But this morning she's alive and that's a wonderful, beautiful thing. And my heart is light again and hopeful. :2kitties


----------



## Arianwen (Jun 3, 2012)

What a good and kind person you are. It's a sad truth that many people wouldn't stop. I hope you and your huband and the poor little cat will be truly blesed.


----------



## Calisphere (May 14, 2011)

I feel like I was right there with you! Thanks for being so good a person to care about this little kitty and for having a hubby who cares as much. When it comes to animals, I often fall into despair thinking about how many people just ignore the situation when it comes to animals and hearing that you did all you could for this one animal brings a bittersweet feeling to my heart. So, thank you for sharing your story and I hope the kitty does get a new home.


----------



## Ragdoll_Joy (Jul 13, 2012)

I am so happy to hear she will be fine!
yes, our kitten is indoor only...she will never be allowed to roam free. I would be in constant fear of her never coming home!


----------



## shan841 (Jan 19, 2012)

oh my gosh, its so amazing that you were there for her! poor thing, I would be traumatized if I saw something like that happen. I think you should adopt her


----------



## Fran (Jan 9, 2008)

What a stunning story! You were meant to be together! I hope the little one's recovery goes well. Prayers to all of you!

Fran


----------



## Nan (Oct 11, 2010)

Thank you and bless you for helping this cat!


----------



## orrymain (Dec 9, 2011)

Thank you all for your kind words. I called the Humane Society and they said she already has a forever home and will be going there this morning. The employee who picked her up from the ER vet has decided to keep her. I was a little disappointed but I know she will be cared for. I could tell she was a little love bug. But I'm so happy for both of them. And I can't tell you how happy I am that we pulled over and saved her. It's a wonderful feeling, it was traumatizing but well worth it.


----------



## jezzka (Aug 17, 2012)

Awesome story, poor pumpkin!! I'm glad she is now safe. This is exactly why my kits stay inside. Thanks for the story and I hope if this ever happens to my babies there is someone like you to lend a hand


----------



## lovetimesfour (Dec 1, 2010)

You are real life Heroes and I am glad this has a happy ending.

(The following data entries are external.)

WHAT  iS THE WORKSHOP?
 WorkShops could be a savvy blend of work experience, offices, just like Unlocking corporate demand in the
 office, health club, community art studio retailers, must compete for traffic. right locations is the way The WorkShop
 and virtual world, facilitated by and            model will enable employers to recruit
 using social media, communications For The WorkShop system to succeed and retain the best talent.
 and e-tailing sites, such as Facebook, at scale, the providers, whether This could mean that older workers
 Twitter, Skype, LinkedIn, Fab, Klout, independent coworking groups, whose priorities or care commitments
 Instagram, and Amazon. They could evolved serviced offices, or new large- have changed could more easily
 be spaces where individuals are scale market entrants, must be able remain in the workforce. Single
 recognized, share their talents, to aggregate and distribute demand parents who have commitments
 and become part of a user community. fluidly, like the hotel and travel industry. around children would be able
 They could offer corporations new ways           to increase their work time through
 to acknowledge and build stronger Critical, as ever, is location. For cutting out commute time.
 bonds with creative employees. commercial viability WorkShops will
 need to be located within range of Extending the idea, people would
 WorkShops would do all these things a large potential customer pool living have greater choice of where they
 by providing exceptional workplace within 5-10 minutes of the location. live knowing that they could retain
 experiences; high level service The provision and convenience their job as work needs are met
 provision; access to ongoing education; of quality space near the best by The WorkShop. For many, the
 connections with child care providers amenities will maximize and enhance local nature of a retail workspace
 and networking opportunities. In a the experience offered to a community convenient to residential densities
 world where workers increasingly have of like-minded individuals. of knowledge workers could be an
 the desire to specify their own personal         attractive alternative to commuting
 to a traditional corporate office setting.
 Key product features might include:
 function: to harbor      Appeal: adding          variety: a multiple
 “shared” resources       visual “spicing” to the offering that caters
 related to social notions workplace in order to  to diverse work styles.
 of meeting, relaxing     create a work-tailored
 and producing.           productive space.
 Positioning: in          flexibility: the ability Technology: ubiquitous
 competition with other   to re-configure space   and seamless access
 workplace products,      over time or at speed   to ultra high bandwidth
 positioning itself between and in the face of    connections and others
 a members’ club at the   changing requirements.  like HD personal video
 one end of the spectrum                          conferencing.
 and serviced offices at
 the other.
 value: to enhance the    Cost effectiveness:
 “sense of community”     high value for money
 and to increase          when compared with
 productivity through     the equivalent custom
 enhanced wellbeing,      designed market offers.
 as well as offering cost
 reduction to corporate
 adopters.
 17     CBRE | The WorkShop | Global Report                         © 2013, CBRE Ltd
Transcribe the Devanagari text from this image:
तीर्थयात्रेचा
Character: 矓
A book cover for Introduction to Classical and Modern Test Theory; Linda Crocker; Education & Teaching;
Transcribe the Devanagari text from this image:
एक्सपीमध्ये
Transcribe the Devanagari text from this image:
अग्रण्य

You may want to check ads, other shelters and craigslist to see if anyone is looking for her. I find it odd that a shelter would adopt her out so quickly, before waiting to see if someone would claim her.

Even indoor only cats can dash out, especially a female kitten who hasn't been spayed yet. If she belonged to someone, even though I guess it's too late for them to have her back, it would be nice for them to at least know she is safe. And if she had only JUST gotten out, it may have taken someone a while to realize she was missing.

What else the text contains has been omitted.